Clay Ghann's father loved to fish. So when he wanted to start his own business in 1952, he had the idea to sell crickets as bait. He designed a wooden box specially for shops to store them in, and he drove around the eastern half of the country, stopping in small towns and looking up the local bait shop.

"The first few years were quite lean," Ghann says. "He always said if he hadn't had a good patch of collard greens those first few years, he wouldn't have made it."

Ghann didn't expect to follow in his father's footsteps.

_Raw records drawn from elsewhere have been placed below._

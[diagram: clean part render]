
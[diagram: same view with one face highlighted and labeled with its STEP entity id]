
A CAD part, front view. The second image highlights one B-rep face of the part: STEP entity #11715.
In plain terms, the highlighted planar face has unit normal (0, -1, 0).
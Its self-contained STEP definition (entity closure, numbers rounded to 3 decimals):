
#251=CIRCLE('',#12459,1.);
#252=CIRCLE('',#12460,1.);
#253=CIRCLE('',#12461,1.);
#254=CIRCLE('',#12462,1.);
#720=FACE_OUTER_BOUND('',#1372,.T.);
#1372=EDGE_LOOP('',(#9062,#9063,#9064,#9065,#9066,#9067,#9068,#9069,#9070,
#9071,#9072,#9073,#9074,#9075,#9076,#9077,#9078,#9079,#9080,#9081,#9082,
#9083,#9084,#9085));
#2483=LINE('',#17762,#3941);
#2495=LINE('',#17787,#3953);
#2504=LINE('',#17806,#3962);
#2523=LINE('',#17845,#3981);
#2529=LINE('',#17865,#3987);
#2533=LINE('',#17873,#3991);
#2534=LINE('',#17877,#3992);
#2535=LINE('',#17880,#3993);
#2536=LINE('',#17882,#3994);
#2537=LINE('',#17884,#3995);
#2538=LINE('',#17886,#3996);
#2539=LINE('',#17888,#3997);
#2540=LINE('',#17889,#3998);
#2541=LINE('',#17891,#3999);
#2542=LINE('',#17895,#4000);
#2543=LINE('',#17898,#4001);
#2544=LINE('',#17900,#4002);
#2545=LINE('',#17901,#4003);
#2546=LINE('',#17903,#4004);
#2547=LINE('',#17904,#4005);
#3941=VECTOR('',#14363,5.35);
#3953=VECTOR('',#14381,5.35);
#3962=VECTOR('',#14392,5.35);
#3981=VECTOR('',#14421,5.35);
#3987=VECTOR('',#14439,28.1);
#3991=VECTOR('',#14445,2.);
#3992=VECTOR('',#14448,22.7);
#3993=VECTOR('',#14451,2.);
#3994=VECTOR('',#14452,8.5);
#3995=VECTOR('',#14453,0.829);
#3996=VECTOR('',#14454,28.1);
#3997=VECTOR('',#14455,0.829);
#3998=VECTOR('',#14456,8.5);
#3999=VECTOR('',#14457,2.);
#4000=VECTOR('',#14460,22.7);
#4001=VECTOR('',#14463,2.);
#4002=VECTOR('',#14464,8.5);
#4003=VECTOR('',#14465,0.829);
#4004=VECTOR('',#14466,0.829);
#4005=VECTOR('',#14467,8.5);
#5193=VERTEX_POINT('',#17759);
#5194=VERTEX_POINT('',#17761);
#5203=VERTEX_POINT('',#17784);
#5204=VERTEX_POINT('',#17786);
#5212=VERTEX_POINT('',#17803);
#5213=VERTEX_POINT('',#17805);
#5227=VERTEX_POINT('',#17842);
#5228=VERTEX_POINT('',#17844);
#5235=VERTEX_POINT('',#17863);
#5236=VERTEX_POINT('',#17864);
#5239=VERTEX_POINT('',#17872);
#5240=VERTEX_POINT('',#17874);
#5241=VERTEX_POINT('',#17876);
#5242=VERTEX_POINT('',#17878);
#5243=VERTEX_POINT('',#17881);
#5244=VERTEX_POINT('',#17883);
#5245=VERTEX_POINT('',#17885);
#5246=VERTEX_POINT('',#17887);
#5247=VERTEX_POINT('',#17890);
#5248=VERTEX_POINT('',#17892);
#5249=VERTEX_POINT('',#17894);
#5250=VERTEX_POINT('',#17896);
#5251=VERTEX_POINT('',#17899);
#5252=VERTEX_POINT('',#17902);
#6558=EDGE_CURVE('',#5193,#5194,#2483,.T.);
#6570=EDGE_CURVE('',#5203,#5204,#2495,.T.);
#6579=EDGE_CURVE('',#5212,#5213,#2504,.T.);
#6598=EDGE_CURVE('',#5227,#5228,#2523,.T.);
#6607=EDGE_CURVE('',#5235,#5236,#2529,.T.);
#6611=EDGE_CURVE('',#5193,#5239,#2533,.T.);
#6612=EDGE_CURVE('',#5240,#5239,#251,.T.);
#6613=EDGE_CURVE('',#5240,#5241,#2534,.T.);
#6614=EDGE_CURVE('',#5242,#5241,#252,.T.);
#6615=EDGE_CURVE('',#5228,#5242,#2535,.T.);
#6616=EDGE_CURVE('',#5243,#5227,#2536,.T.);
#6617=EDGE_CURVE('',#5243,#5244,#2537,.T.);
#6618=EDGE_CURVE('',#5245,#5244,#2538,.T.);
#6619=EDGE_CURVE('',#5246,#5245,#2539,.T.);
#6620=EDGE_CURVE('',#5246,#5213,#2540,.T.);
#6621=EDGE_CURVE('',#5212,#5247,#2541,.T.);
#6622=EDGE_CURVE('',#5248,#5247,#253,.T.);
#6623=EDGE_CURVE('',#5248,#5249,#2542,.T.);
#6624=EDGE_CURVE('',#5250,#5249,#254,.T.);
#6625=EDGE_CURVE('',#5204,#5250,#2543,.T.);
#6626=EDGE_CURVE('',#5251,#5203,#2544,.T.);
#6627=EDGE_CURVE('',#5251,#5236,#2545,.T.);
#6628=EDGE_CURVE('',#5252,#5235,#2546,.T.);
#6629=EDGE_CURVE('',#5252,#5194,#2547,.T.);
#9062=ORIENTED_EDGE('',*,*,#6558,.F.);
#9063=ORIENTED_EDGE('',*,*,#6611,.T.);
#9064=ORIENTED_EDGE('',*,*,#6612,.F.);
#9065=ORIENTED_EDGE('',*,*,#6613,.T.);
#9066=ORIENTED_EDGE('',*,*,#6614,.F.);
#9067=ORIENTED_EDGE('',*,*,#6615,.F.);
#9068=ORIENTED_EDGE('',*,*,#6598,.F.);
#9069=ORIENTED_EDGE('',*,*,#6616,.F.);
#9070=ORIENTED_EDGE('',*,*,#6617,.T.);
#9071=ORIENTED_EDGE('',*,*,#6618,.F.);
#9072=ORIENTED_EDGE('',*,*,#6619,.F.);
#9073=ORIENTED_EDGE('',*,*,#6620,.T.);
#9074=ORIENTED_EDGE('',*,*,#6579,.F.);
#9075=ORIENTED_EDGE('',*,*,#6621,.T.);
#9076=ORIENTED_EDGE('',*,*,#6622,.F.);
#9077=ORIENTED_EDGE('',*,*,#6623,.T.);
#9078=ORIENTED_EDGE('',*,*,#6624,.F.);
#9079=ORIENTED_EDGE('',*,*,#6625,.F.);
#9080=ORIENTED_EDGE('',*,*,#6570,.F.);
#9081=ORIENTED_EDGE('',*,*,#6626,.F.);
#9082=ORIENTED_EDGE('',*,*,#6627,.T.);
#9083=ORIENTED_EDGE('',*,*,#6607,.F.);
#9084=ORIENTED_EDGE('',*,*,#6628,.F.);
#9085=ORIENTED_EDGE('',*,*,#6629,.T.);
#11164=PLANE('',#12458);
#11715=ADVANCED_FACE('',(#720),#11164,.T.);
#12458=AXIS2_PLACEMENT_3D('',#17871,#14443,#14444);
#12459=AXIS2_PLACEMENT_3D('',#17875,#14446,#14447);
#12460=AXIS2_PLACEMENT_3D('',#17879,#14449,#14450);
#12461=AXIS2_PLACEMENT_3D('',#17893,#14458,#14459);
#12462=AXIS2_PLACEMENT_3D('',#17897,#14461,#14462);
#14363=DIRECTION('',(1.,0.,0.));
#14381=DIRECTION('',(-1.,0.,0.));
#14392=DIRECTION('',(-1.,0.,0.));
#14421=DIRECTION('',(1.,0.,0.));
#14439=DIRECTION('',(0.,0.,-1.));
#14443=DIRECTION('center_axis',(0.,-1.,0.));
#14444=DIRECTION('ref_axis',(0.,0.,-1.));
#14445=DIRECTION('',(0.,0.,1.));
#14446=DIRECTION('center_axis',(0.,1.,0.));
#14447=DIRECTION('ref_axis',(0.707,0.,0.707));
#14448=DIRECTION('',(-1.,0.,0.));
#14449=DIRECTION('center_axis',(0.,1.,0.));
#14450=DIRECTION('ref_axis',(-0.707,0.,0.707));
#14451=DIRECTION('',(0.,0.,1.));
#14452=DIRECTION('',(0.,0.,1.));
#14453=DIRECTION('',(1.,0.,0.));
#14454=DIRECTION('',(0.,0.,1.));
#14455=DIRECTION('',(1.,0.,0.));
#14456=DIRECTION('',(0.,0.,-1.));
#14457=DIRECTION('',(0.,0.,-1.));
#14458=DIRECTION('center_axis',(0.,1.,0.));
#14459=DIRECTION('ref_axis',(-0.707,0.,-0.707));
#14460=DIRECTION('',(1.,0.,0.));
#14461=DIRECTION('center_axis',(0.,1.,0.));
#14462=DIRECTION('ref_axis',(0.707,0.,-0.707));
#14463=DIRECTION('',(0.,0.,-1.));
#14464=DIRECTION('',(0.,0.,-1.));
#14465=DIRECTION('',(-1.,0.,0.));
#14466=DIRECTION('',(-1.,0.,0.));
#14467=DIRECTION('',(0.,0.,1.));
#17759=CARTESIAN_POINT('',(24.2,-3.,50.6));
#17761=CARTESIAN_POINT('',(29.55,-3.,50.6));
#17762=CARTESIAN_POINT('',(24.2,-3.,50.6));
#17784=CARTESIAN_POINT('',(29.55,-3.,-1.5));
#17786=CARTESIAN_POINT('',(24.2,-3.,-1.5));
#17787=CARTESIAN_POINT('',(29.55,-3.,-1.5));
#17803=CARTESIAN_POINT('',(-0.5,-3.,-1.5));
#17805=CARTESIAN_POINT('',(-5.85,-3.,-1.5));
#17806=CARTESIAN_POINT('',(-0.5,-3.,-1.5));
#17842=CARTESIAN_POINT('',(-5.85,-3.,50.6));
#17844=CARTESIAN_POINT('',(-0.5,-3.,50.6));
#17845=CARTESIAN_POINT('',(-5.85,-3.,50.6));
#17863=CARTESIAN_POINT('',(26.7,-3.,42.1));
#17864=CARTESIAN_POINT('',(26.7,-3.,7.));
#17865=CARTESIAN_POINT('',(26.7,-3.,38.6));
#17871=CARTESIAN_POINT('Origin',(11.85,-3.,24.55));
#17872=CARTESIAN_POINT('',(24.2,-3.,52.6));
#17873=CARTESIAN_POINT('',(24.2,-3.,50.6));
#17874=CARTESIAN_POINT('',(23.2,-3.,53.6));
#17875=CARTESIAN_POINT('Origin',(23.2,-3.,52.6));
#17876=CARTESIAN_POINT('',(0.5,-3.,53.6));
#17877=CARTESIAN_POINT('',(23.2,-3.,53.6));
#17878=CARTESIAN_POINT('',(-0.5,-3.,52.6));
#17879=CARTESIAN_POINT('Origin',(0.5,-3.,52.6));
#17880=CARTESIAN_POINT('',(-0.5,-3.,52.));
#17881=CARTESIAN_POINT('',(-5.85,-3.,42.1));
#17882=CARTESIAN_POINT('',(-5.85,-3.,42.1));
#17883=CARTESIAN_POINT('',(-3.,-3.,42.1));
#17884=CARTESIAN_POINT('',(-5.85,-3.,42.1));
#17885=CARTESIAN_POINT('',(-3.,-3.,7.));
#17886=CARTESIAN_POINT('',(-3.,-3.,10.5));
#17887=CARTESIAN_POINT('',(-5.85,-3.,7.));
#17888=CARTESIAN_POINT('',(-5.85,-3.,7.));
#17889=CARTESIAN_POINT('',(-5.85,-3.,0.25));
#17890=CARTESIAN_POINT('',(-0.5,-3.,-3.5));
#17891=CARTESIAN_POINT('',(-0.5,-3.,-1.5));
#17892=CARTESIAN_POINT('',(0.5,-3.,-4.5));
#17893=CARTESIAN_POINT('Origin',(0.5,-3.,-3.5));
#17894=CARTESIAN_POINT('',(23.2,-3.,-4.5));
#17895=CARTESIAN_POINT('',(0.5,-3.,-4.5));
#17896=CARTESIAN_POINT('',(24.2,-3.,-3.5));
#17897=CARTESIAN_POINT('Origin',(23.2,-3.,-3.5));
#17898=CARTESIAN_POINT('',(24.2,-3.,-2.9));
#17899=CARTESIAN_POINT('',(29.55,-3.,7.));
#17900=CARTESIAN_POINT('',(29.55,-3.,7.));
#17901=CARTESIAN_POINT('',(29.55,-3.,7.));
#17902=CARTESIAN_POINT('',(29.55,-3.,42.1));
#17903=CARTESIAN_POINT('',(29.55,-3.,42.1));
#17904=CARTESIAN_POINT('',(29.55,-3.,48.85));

He helped out as a kid, but, he says, "I saw how hard Daddy worked and said, 'I don't want to work that hard.'"

When he changed his mind and bought the company in 1987, it wasn't because he had a big inspiration to expand into the pet industry. "The pet customers found us," he says — and, at first, he actually turned them away.

"We had one product — a box of adult crickets, 1,000 per box," he says. "That's what we sold, period, nothing else." So when he started to get phone calls from people who wanted only 500 or who were looking for crickets only half-grown, he gave them the phone number of a buddy who was dabbling in crickets for the pet industry.

"I still did not think it was worthwhile. I'd hang up the phone laughing, thinking I was pestering him," he says. "Then I realized I was giving a lot of people Jack Armstrong's phone number."

Ghann decided to get into the pet business, and in just five years, sales had doubled. "It took off from there," he says, till their business was 99 percent pet feeding instead of bait.